Я рисую дом с двумя окнами. Следователь берет листок, внимательно рассматривает рисунок, усмехается и рисует рядом с моим домом свой – тоже с двумя окнами.
– Вот, видишь? – спрашивает он. – Так рисуют чертежники. Я сам был чертежником.
– Так я же учился только на первом курсе…
– Ай-яй-яй, как нехорошо обманывать старших. Разве ты не знаешь, что в Советском Союзе есть приказ 76/924-а, подписанный председателем ГКО Сталиным о том, что студенты первых курсов не призываются в армию? Или, может быть, ты добровольно бросил матушку и папашку? А? Может быть, ты ушел бить фашистских гадов добровольно?
– Нет, я из института ушел, а меня и забрали в армию…
– Добровольно ушел из института?
– Прогнали…
– Плохо учился?
– Да.
– По каким предметам плохо учился?
– По всем.
– И по черчению тоже?
– Тоже.
– А как же ты сдал вступительные экзамены? – смеется следователь. – А? Разве ты не сдавал специальный предмет? Рисунок? Два чертежа?
Я молчу.
– Ну? – тихо говорил следователь. – Совсем запутался в лжи, маленький шалунишка?

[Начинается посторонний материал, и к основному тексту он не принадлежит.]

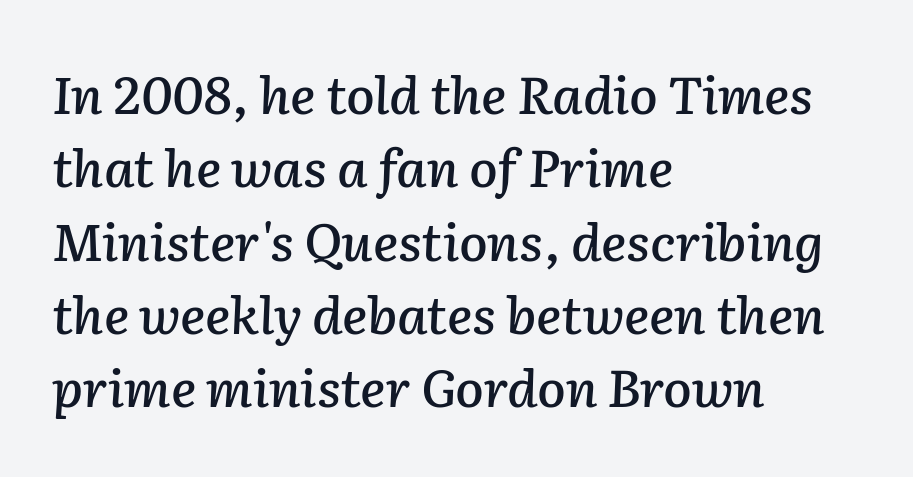
{"italic": "yes", "lean": "right", "slant_degrees": 2, "width": "normal", "stroke_contrast": "low", "x_height": "medium", "monospaced": "no", "underline": "no", "align": "left", "line_spacing": "normal", "line_spacing_ratio": 1.41, "letter_spacing": "normal", "letter_spacing_em": 0.0, "glyph_px": 52}
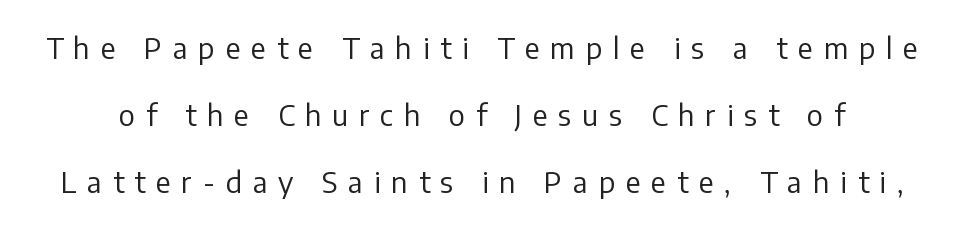
Is this a fixed-width face? No — the glyphs have proportional, varying widths. Quick note: interline space is abundant. If you drew a line through each stem, it would be perfectly vertical. Rule under the text: the space is simply empty. The rendering inserts visible extra space after every character.
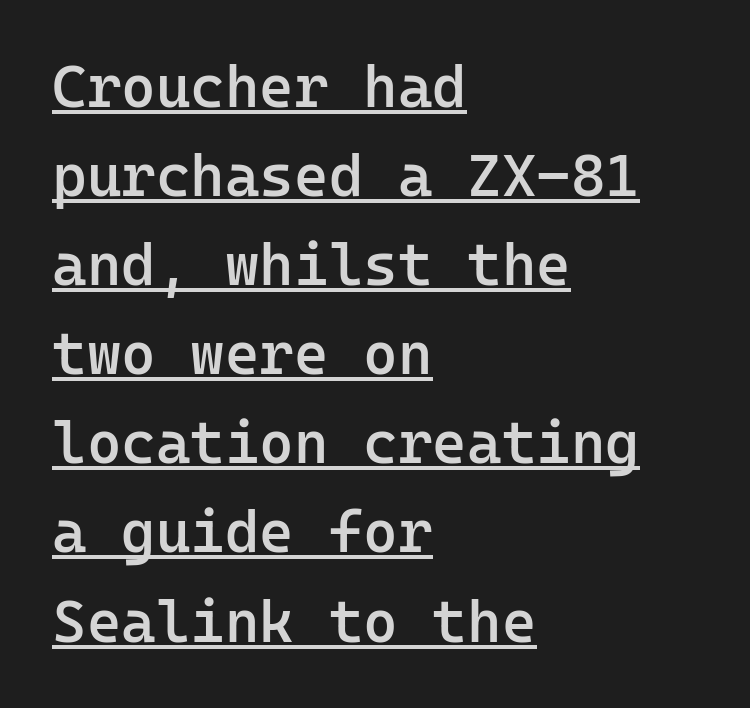
The rendering uses typewriter-style spacing with identical character cells. Where is the straight margin? On the left. To sum up the face: it is a sans, with no serifs. Students, this is semibold: more ink than regular, less than bold.
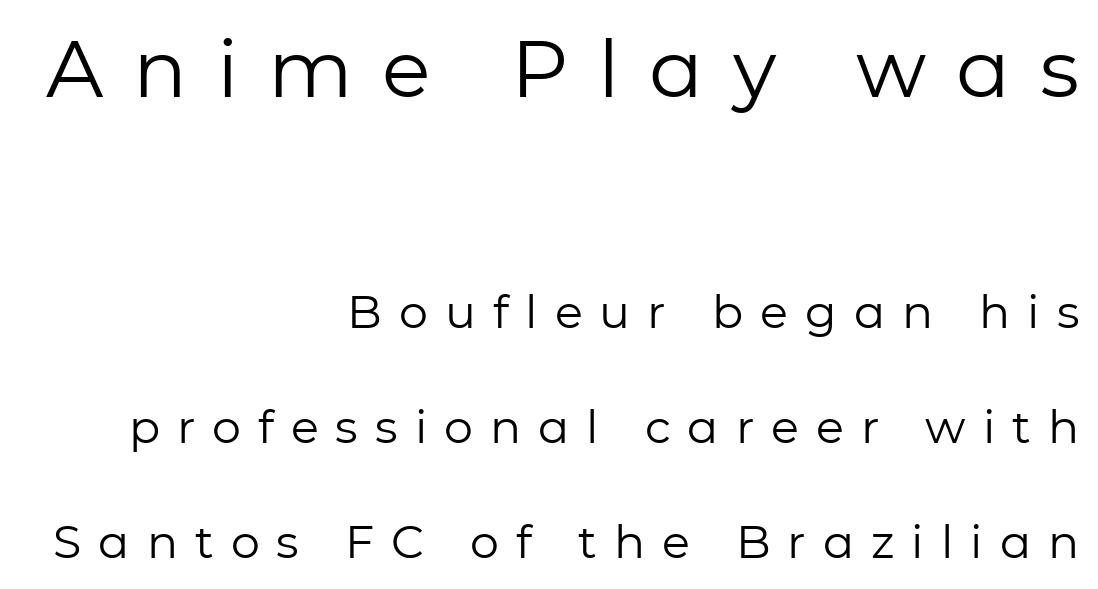
The strip under each line holds only bare page. The letterforms stand isolated, each surrounded by extra space. The rendering anchors every line to the right-hand side. This is not heavy type; no bold has been used. Vertical spacing — loose.
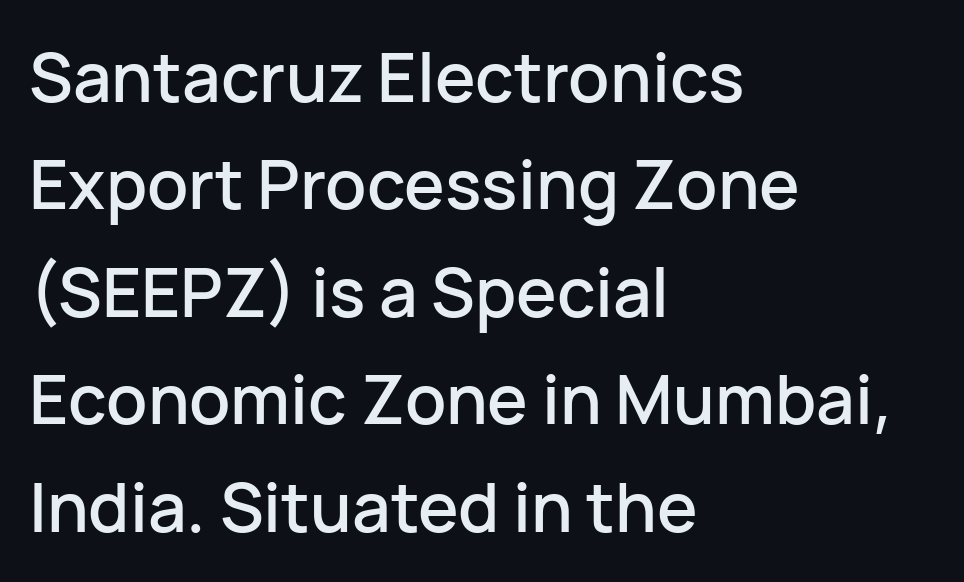
The image shows 68 px sans-serif type, upright; set left-aligned, normal line spacing (1.58x), normal letter spacing, not underlined; low stroke contrast and a medium x-height.
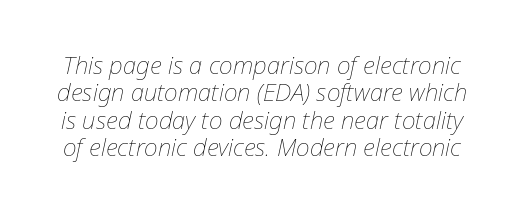
Vertical spacing — tight. Heft: none added — not bold. The letterforms sit shoulder to shoulder at normal distance. Yep, that's italic — everything's leaning. Rule under the text: the space is simply empty.
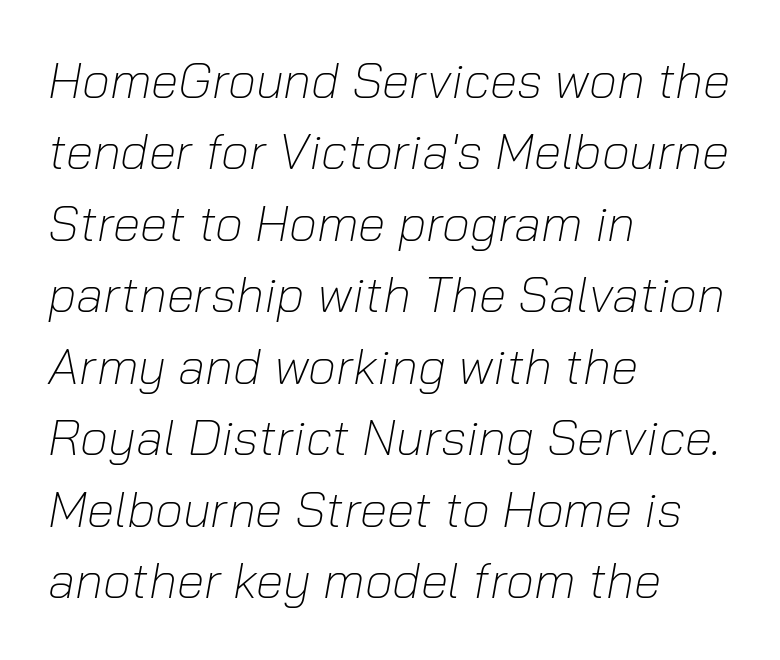
Casual observation: everything's shoved over to the left. Note the varied advance widths — an 'i' is clearly narrower than an 'm'. Weight: regular or lighter. Caption: standard tracking, unaltered. Leading: standard. Quick note: italic.
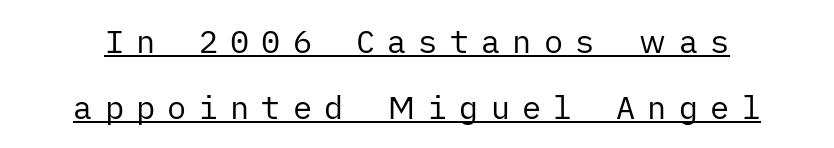
Q: Is the text bold? A: No.
Q: Is the text italic (slanted)? A: No, it is upright.
Q: Is the typeface a serif or a sans-serif typeface? A: Sans-serif.
Q: Is the text underlined? A: Yes.
Q: Is the spacing between letters normal or unusually wide? A: Unusually wide.
Q: Is the spacing between lines tight, normal or loose? A: Loose.
Q: Width (condensed, normal, or wide)? A: Normal.
Q: Stroke contrast? A: Low.
Q: x-height? A: Medium.

Следователь откидывается на спинку стула, снимает пенсне, протирает стекла замшевой тряпочкой, вздыхает и лезет за сигаретами. Он закуривает, прячет зажигалку в нагрудный карман черного френча и нажимает кнопку звонка. Входят двое – тоже в черном.
«Сейчас начнется, – думаю я и чувствую, как у меня холодеют руки. – Сейчас он покажет зубы, этот очкастый».
Следователь барабанит пальцами по столу и смотрит на меня, по-прежнему улыбаясь. Он смотрит на меня минуту-другую, целую вечность. Потом поднимается, обходит стол, опирается на мое плечо и говорит:
– Я ничего от тебя не хочу. Я хочу тебе добра.
Он возвращается за стол и начинает что-то быстро писать на графленом листке бумаги. Иногда он замирает и сидит, закрыв глаза. Потом делает глубокую затяжку, выпускает голубой дым тонкой струйкой к потолку и снова продолжает писать.
Так продолжается полчаса, не меньше. Потом он вскидывает голову, видит меня, изумляется и спрашивает:
– О, ты еще здесь, врунишка? Сейчас ты пойдешь в баньку, а потом в камеру. Отдохнешь, поспишь и снова придешь ко мне. Есть возражения? – Он улыбается. – Или «замечания к проекту резолюции»? Нет. Ну и хорошо.
Он отдает приказ двум в черном, что замерли у двери. Те подходят ко мне, несильно ударяют по шее и уводят из кабинета.